The landing of NASA’s Perseverance rover on February 18 is a monumental occasion, but this mission is not an isolated event. Every Mars exploration effort has contributed to Perseverance’s successful journey.
There have been 51 Mars missions since 1960. Nearly half of all missions have failed, but even failure provides critical lessons that are applied to future missions. Successful Mars missions yielded fruitful results, lighting the fire of curiosity each time to answer even more questions. NASA has established four goals for Perseverance and its companion helicopter Ingenuity: find evidence of ancient life, understand the Martian climate, analyze the Martian geological system, and prepare for human exploration.
Over the decades, NASA’s goals have remained constant. Exploring Mars can teach us how the planets change, providing insight into the future of Earth and uncovering a trove of useful information about the solar system more broadly.
“It’s been a consistent vision and destination, but at times Mars has been very elusive,” said Darin Skelly, Peraton’s Vice President of Civil Space and a former NASA mission manager. “It’s a game changer if they find water – if there is water, there is life. And could you imagine if it’s with our direct solar system neighbor?”
“There are discoveries and geological examples that show there was active water and a richer atmosphere on Mars millions of years ago,” Skelly continued. “Modeling and understanding the geological and atmospheric evolution of Mars provides insights to better model and understand our own planet’s climate changes. Each mission has been complementary, building on previous technology and approaches and applying new methods, such as drilling into the surface or flying helicopters within the atmosphere.”
Over the course of 30 years, Skelly was part of the NASA teams responsible for design review and launch, test, and integration of Sojourner, Odyssey, the Mars Global Surveyor orbiter, Cassini, and many others. He has witnessed firsthand the upwards trajectory of technological innovations and improvements, leading to fewer crash landings, failed launches, software and hardware mishaps, and other engineering problems that can arise in complex missions.
The first Mars missions were flybys, which took pictures of the planet from afar to sketch out its features. After several failed attempts by Russia and the United States, NASA’s Mariner 4 flyby in 1965 took the first close-up images of Mars. Then both Russia and the U.S. launched successful orbiters in 1971—the Soviet’s Mars 2 and 3 and NASA’s Mariner 9. The orbiters took more detailed images and monitored Mars more closely than the flybys could, picking up on weather patterns, atmospheric conditions, and topography.
NASA’s Viking 1 and 2 touched down on the surface of Mars in 1975, providing images back to researchers for nearly a decade. NASA is the only space agency to land on Mars, though China is trying to land its Tianwen-1 rover on the Red Planet later in 2021.

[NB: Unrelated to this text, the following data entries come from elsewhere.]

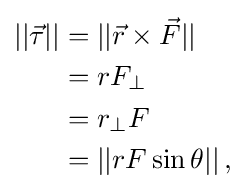
{\begin{aligned}||{\vec {\tau }}||&=||{\vec {r}}\times {\vec {F}}||\\&=rF_{\perp }\\&=r_{\perp }F\\&=||rF\sin \theta ||\,,\end{aligned}}
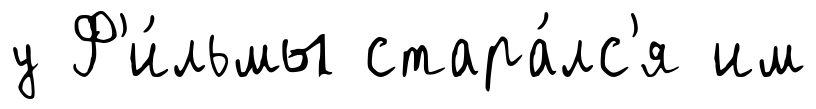
у Ф'и́льмы стара́лс'я им
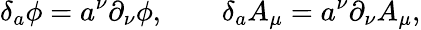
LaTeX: \delta_{a}\phi=a^{\nu}\partial_{\nu}\phi,\qquad\delta_{a}A_{\mu}=a^{\nu}\partial_{\nu}A_{\mu},
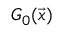
G _ { 0 } ( \vec { x } )
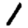
Digit: 1
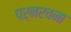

NASA’s Mars Exploration Program was founded in 1993 to maintain a continuous strategic outlook on all Mars missions. The Sojourner rover in 1997 was the first wheeled vehicle operated extraterrestrially, successfully conducting on-site scientific studies. The 2001 Mars Odyssey orbiter, still operational today, has been mapping chemical elements and minerals, measuring temperature and radiation, photographing topography, and serving as a communications relay back to Earth for vehicles on Mars.
The Spirit and Opportunity rovers—“robotic geologists”—landed on Mars in 2004 and used scientific instruments to confirm past water activity. The Curiosity rover landed on Mars in 2012 to continue the search for life in Gale Crater and the Insight rover landed in 2018 to examine the geology underneath Mars’ surface to learn how planets are formed.
“It hasn’t been an easy ride by any means,” said Skelly. “These missions are not cookie cutter. Each was designed and tested for its unique mission and science objectives, as well as the launch injection parameters. Mission planning, including planned launch dates, are established early in the design development and planning efforts. These launch dates hold constant no matter what, which equates to enormous pressure on the team. But a successful Mars landing makes it all worthwhile.”
The Perseverance rover, along with a planned NASA mission in the next decade to return Perseverance’s cached rock samples back to Earth, hold enormous potential for understanding the future of Earth and how to prolong its survival, and how to safely send humans to Mars to determine its habitability.
“Exploring Mars is a part of who we are,” said Skelly. “We need to continue to push the frontiers of space and push the advancements of technology. It’s in our genes.”